Task requirements =
Can you copy out the data exactly? Leave the images out.

Top of Dataset section

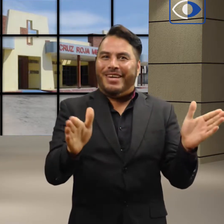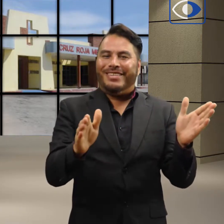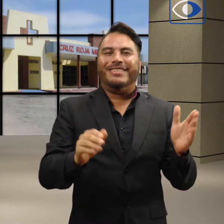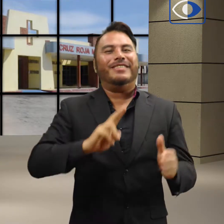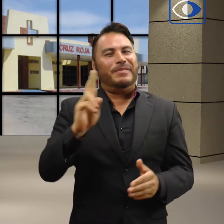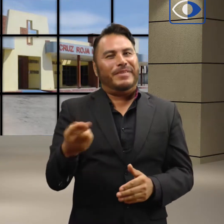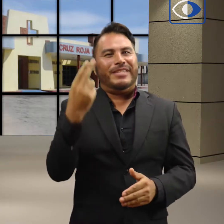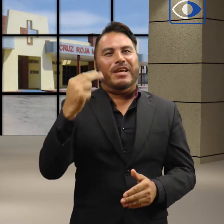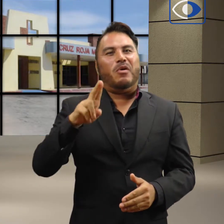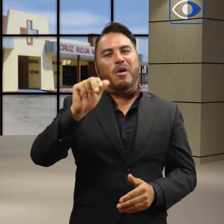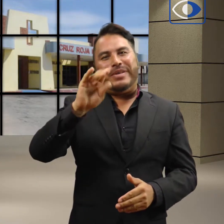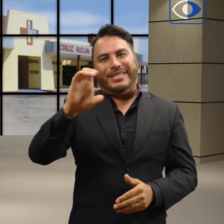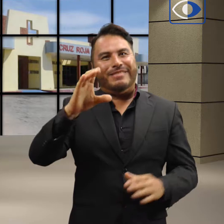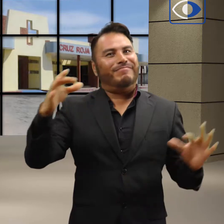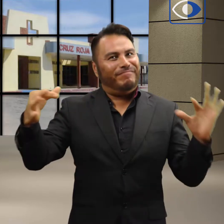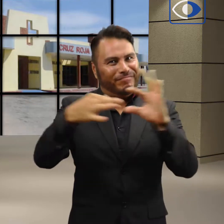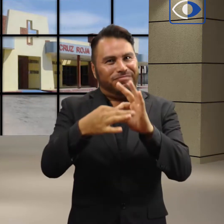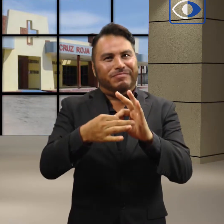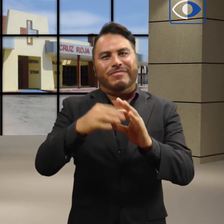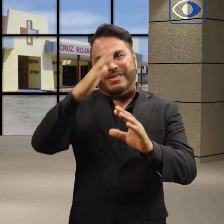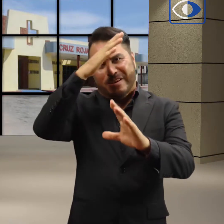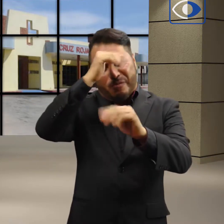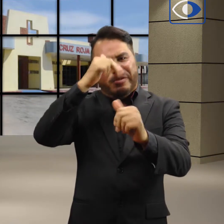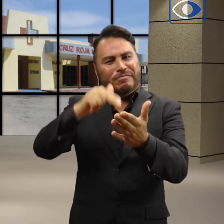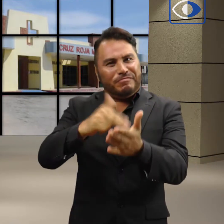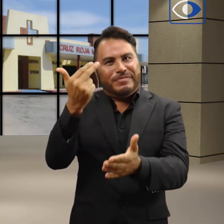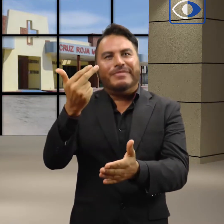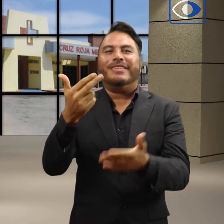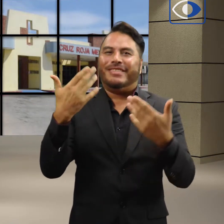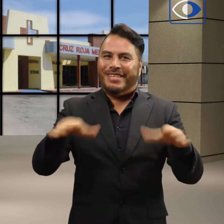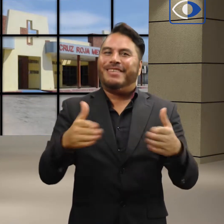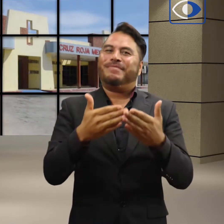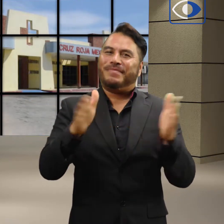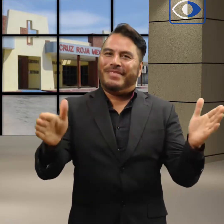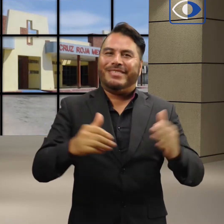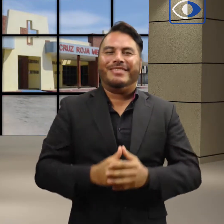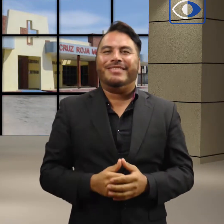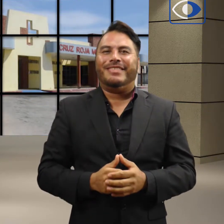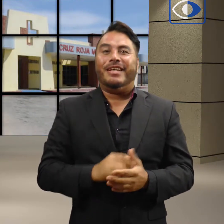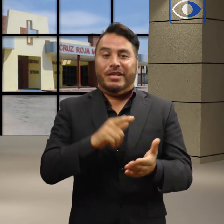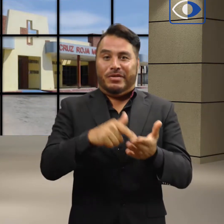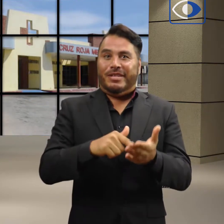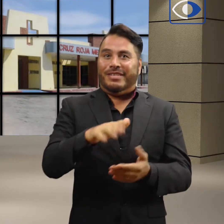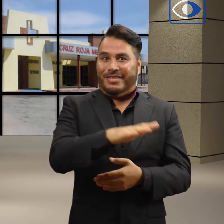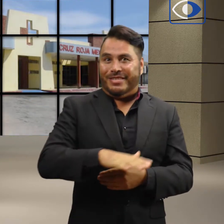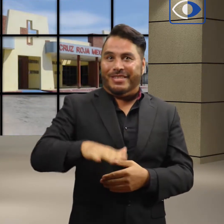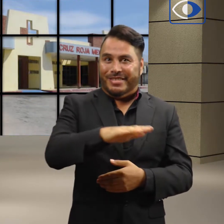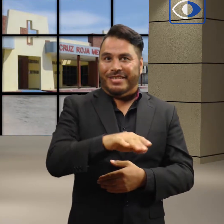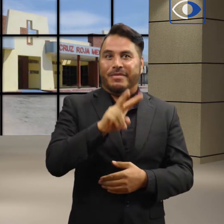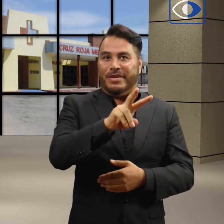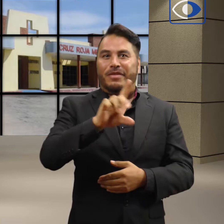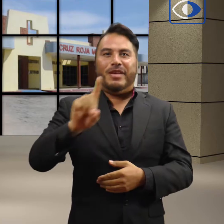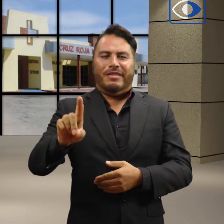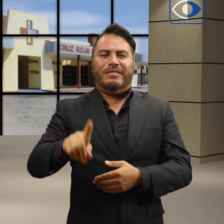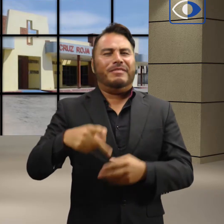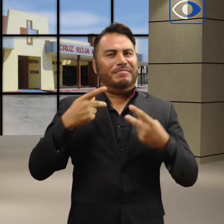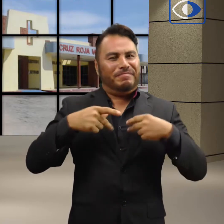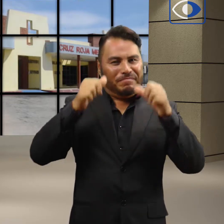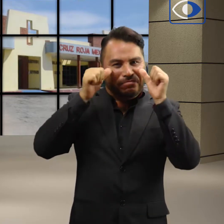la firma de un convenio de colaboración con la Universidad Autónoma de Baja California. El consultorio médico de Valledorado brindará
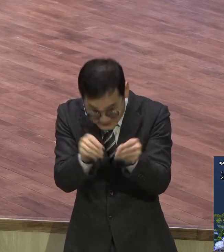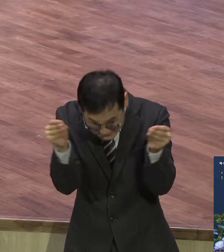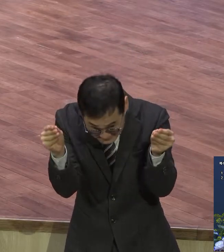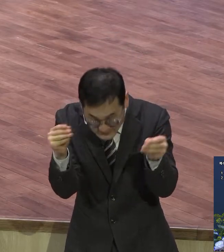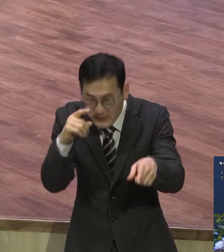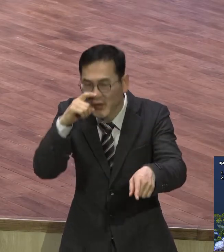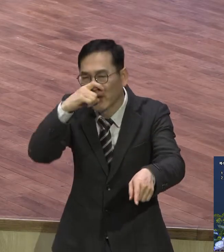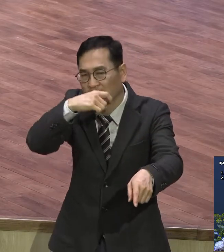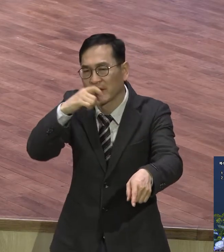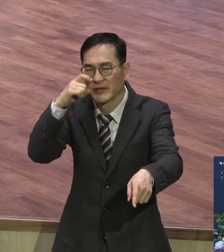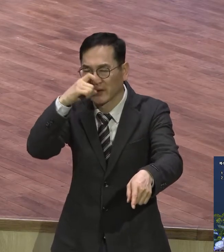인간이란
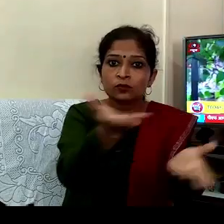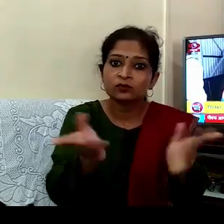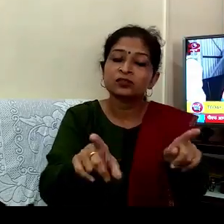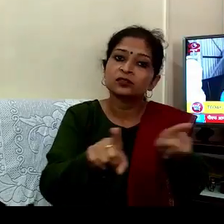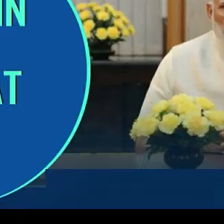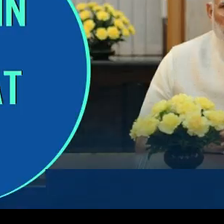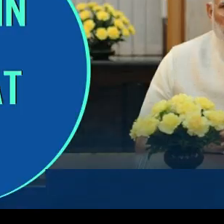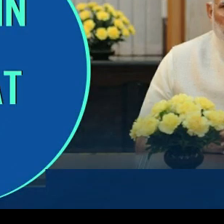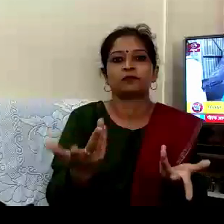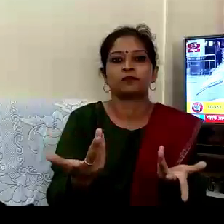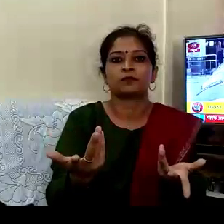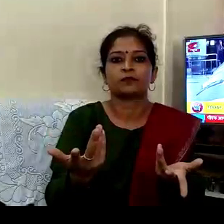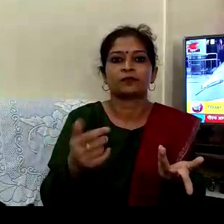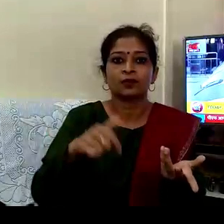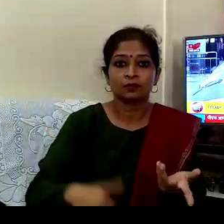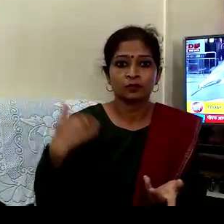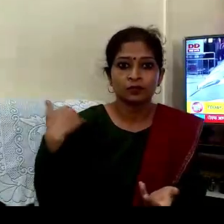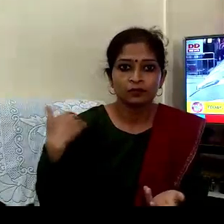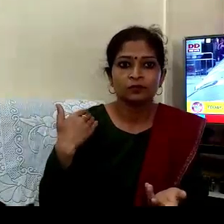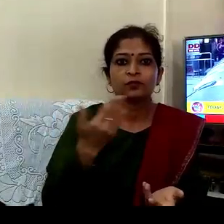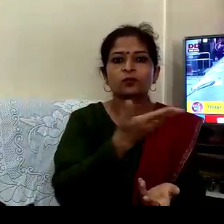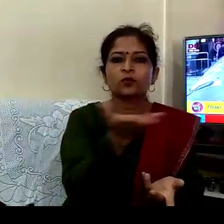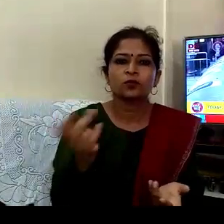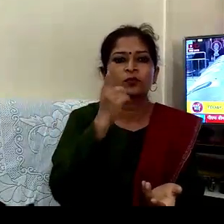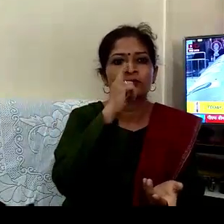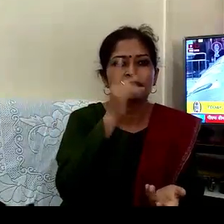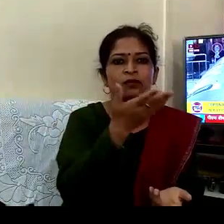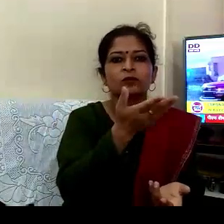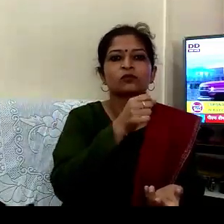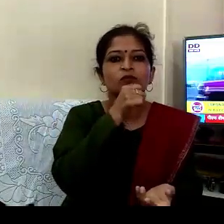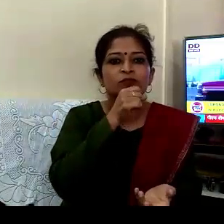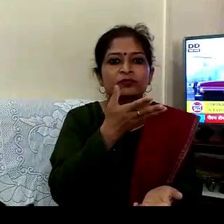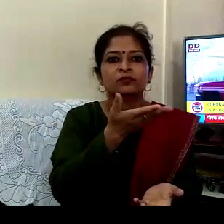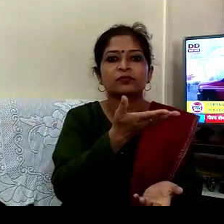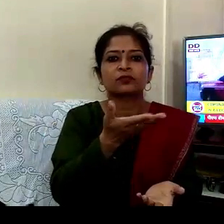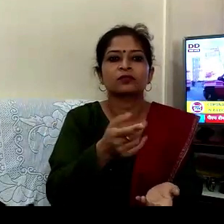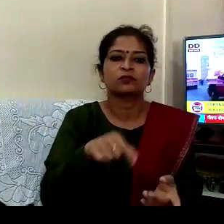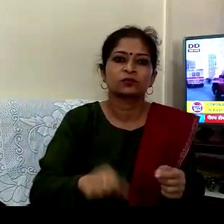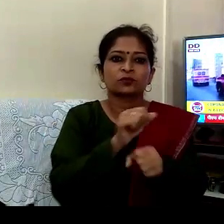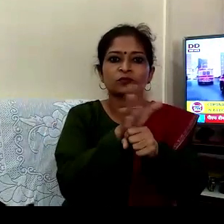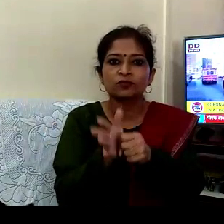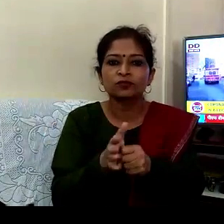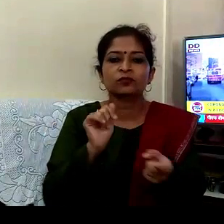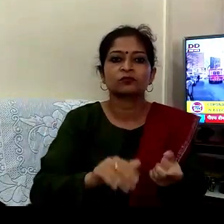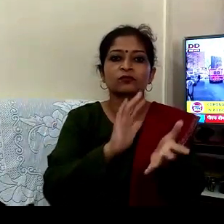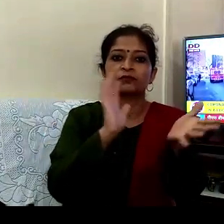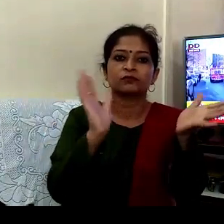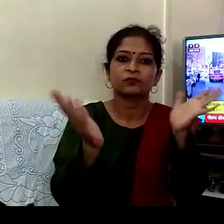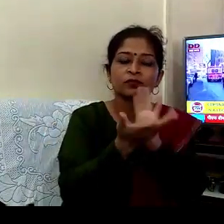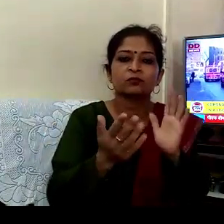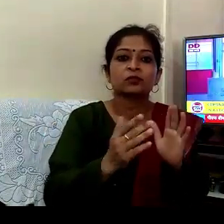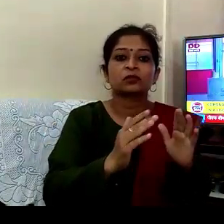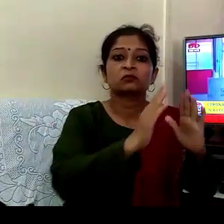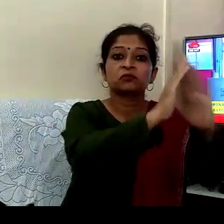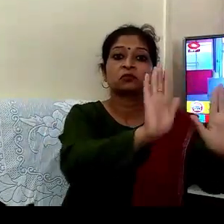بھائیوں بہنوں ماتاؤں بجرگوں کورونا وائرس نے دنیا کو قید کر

Bottom of Dataset section

Answer box =
la firma de un convenio de colaboración con la Universidad Autónoma de Baja California. El consultorio médico de Valledorado brindará
인간이란
بھائیوں بہنوں ماتاؤں بجرگوں کورونا وائرس نے دنیا کو قید کر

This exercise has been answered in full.